Soportó humillaciones de pie hasta que, por fin, una de las revistas había aceptado un relato corto. Los escritores norteamericanos no eran tan reconocidos y las escasas revistas literarias preferían a los europeos, de manera que le costó mucho trabajo ser reconocido. A finales de los 40 regresó a Los Ángeles para quedarse. Tenía unos 25 años. Se enrolló con una mujer 10 años mayor que él, aunque parecía que andaba siempre solo. “El amor es como cuando te levantas una mañana y ves que hay niebla después de que haya salido el sol. Es como ese breve instante que hay hasta que se quema. El amor es una niebla que se quema al primer rayo de luz de la realidad”.
Era muy desaliñado. En el 52 tomó un trabajo como cartero en la Oficina de Correos, pero su andadura de holgazán lo seguía. “Tenía una cara tan ruda que te echaba para atrás. Odiaba las leyes y los reglamentos por eso el jefe le imponía las rutas más duras que podía”, contó uno de sus amigos de la época, Don Muto.
Bukowski empezó a gritar en sus poemas. Contaba como su infancia se asemejaba a una historia de terror y cómo desde los 6 hasta los 11 años su padre le daba palizas con una correa de barbero. “Cuando aguantas tanta mierda durante tanto tiempo tienes la tenacidad de dar a entender lo que quieres decir.
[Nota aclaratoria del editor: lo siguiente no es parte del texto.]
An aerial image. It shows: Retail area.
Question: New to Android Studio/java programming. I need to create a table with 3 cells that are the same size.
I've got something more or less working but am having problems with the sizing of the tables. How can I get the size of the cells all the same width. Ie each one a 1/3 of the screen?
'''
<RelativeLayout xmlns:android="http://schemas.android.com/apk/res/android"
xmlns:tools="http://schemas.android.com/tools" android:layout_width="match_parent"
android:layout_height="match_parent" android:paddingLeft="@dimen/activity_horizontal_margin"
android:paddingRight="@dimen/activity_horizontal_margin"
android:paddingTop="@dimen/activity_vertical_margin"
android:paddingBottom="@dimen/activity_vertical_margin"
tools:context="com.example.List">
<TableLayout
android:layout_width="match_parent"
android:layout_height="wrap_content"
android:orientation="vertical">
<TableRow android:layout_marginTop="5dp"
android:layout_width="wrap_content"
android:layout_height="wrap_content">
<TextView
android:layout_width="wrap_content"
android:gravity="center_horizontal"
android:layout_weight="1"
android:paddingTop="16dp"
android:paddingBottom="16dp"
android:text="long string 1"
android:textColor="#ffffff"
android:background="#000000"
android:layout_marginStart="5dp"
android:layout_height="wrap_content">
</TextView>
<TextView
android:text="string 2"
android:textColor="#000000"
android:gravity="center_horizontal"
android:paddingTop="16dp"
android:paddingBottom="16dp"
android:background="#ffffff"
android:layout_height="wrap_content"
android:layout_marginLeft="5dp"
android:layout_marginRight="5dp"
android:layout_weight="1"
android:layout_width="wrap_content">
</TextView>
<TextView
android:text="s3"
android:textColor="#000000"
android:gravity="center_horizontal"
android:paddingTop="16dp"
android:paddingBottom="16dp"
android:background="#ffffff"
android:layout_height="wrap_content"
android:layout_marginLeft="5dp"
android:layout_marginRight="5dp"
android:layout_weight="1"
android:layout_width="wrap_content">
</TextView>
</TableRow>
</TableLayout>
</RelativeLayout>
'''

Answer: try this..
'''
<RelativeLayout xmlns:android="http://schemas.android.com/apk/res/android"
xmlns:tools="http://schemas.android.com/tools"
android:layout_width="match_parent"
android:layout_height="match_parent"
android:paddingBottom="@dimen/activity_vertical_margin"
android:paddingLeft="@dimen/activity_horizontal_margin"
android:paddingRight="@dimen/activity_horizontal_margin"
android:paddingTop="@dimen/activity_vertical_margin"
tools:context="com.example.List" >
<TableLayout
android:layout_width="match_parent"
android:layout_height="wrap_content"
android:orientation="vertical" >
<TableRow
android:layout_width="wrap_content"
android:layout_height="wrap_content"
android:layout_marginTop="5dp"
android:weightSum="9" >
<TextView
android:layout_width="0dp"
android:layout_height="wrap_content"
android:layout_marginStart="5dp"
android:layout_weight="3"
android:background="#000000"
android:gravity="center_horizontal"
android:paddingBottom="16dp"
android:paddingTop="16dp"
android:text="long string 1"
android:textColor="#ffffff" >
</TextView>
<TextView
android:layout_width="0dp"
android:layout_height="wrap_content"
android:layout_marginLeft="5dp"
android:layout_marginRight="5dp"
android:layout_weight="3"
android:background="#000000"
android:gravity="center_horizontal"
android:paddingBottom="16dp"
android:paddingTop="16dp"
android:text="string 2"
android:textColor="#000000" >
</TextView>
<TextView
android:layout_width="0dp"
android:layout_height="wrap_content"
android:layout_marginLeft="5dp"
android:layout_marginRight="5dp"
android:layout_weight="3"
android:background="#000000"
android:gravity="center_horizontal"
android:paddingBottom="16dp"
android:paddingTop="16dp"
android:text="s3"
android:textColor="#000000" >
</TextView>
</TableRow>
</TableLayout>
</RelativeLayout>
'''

Mi padre fue un gran maestro de literatura, me enseñó el significado del dolor sin razón”. Pero gritaba tan bien y sobre todo por las dos úlceras que había empollado en los años de trasnocho desmesurado y malos hábitos alimenticios. El dolor era insufrible. Durante aquella época produjo más poesía que cualquier otro escritor de su generación y esos textos los enviaba con persistencia a las editoriales hasta que llegó a ser llamado “El rey de la revistas pequeñas”.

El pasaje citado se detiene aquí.